= TASK ITEM =
Please retype every record below exactly, leaving the pictures out.
(Beginning of DATA FOR PROCESSING)
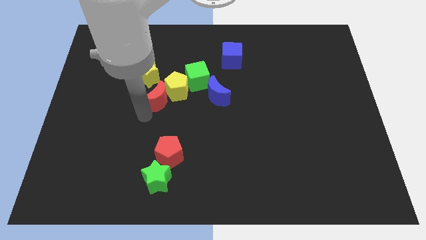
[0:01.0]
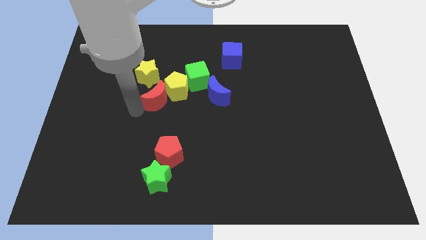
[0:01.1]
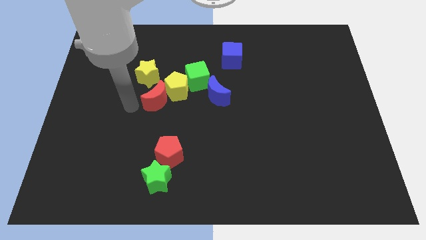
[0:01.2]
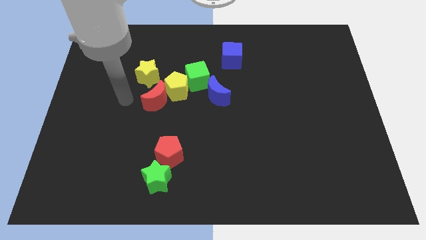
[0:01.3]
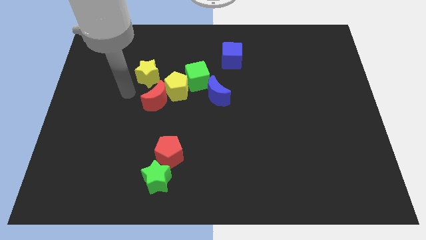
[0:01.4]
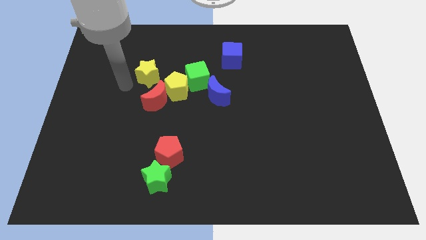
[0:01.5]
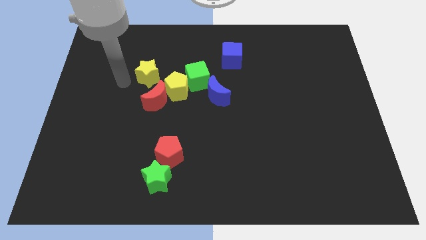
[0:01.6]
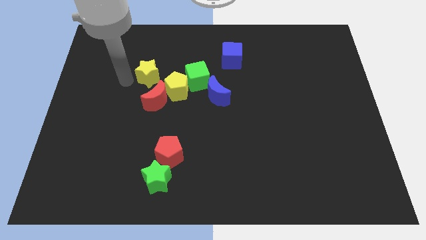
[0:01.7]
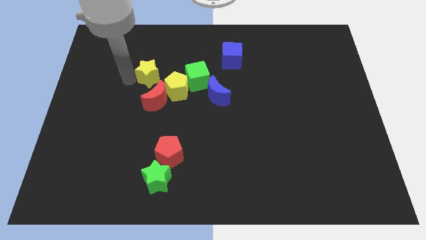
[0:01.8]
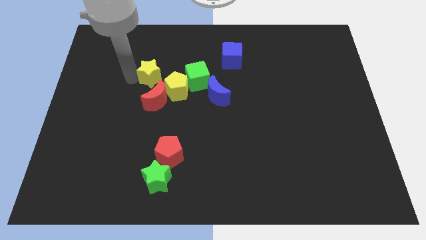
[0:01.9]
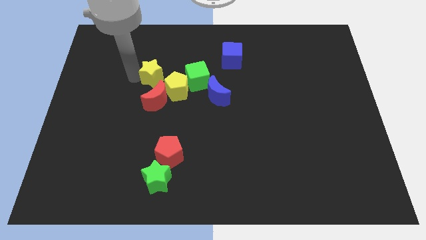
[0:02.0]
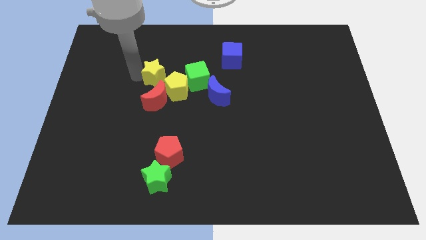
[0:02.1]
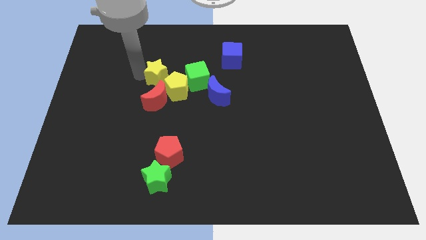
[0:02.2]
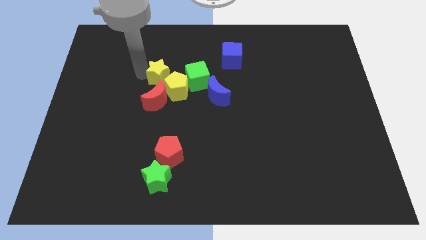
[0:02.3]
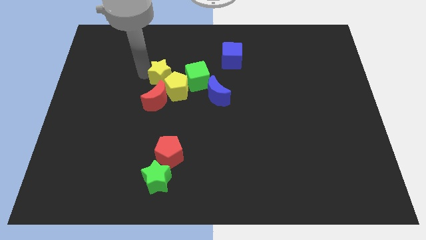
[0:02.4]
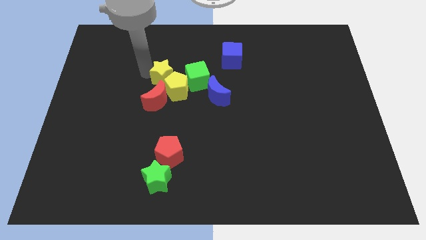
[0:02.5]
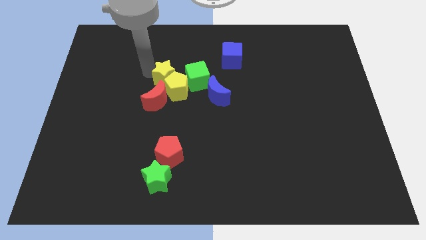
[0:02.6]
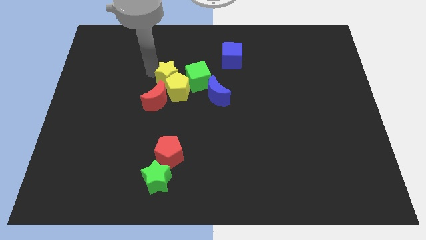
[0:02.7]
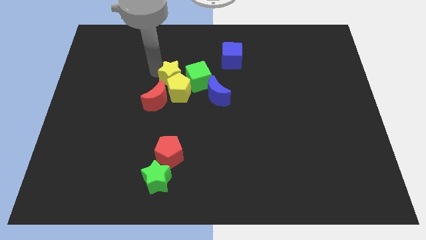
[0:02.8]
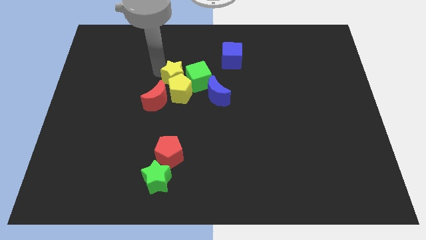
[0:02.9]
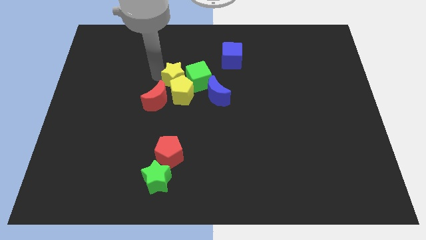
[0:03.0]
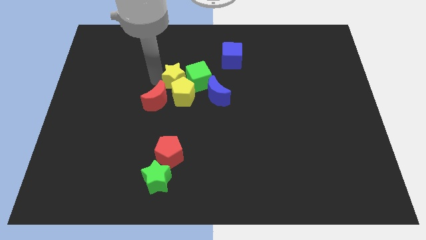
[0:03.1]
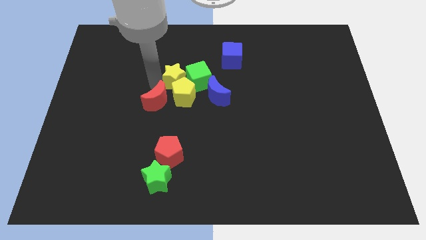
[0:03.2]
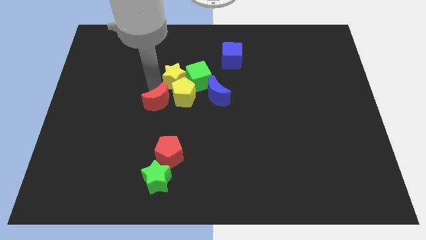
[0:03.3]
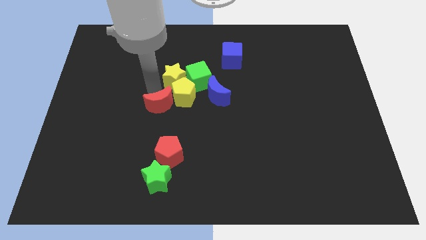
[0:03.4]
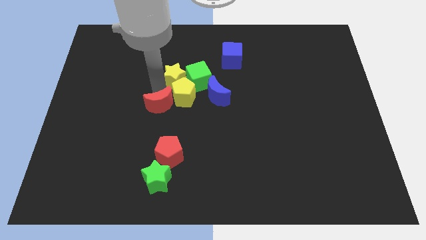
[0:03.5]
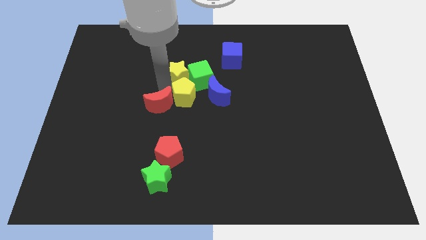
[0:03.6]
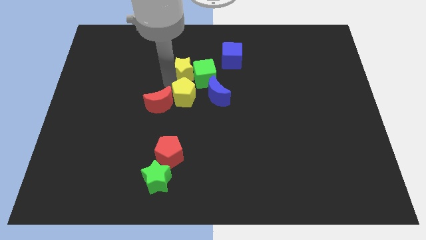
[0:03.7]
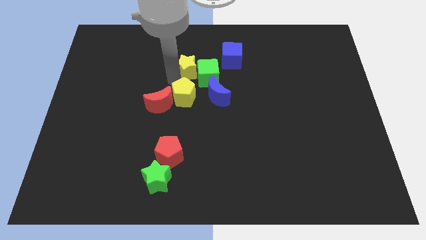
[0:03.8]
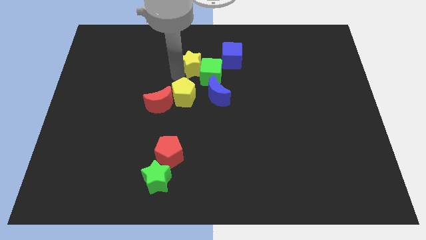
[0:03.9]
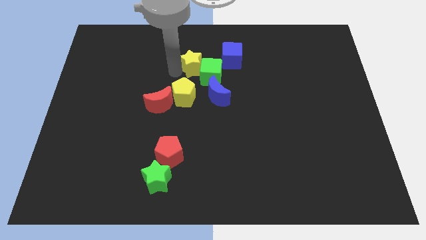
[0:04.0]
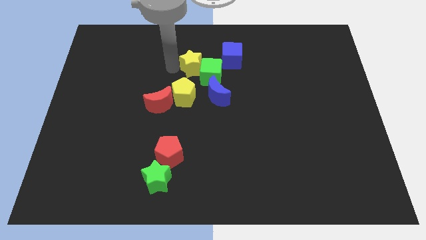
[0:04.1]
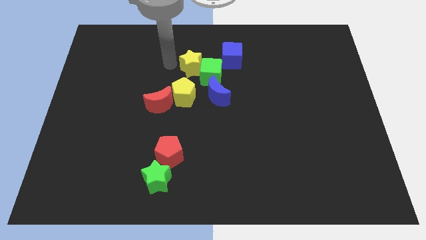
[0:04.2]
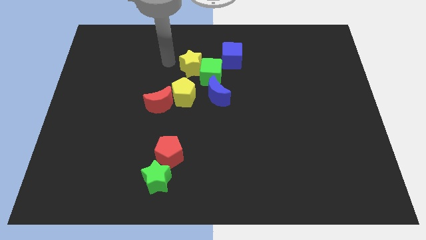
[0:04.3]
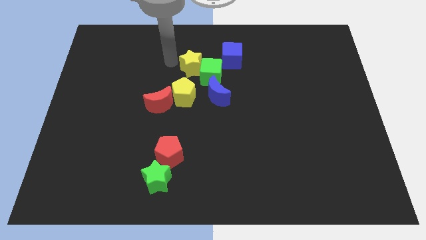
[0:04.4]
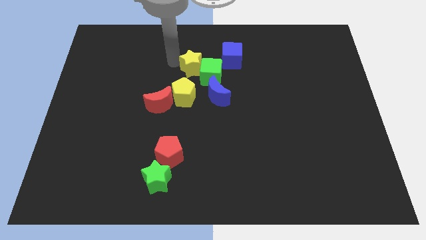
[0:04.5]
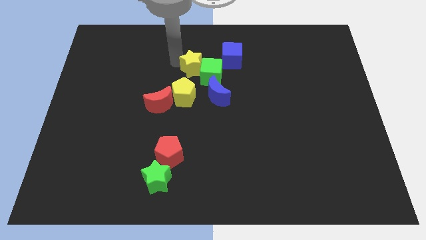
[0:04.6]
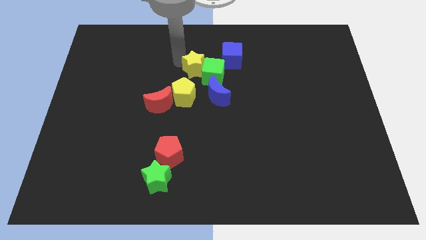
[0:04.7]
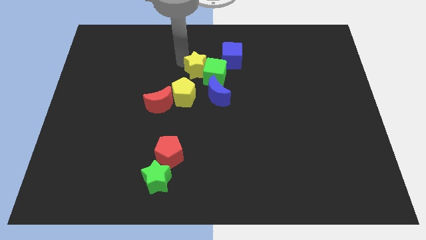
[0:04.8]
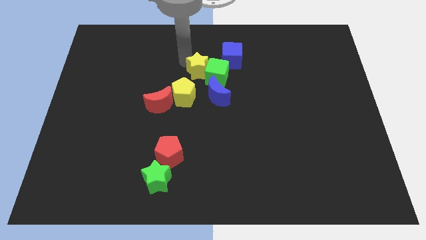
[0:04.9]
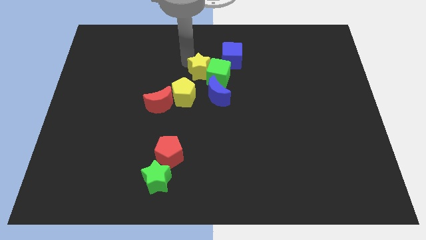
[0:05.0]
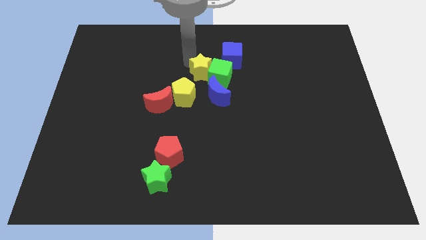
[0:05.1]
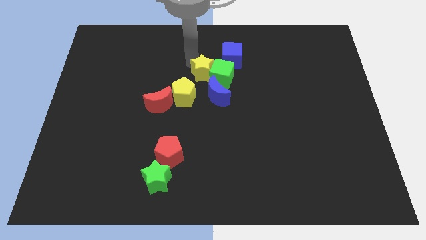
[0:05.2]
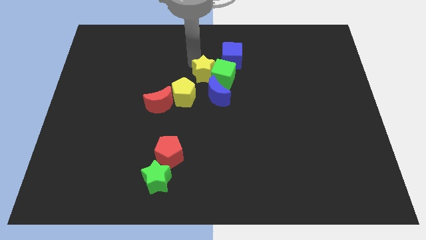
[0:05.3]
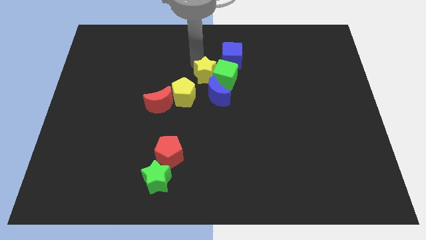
(End of DATA FOR PROCESSING)
= SOLUTION =
[0:01.0]
[0:01.1]
[0:01.2]
[0:01.3]
[0:01.4]
[0:01.5]
[0:01.6]
[0:01.7]
[0:01.8]
[0:01.9]
[0:02.0]
[0:02.1]
[0:02.2]
[0:02.3]
[0:02.4]
[0:02.5]
[0:02.6]
[0:02.7]
[0:02.8]
[0:02.9]
[0:03.0]
[0:03.1]
[0:03.2]
[0:03.3]
[0:03.4]
[0:03.5]
[0:03.6]
[0:03.7]
[0:03.8]
[0:03.9]
[0:04.0]
[0:04.1]
[0:04.2]
[0:04.3]
[0:04.4]
[0:04.5]
[0:04.6]
[0:04.7]
[0:04.8]
[0:04.9]
[0:05.0]
[0:05.1]
[0:05.2]
[0:05.3]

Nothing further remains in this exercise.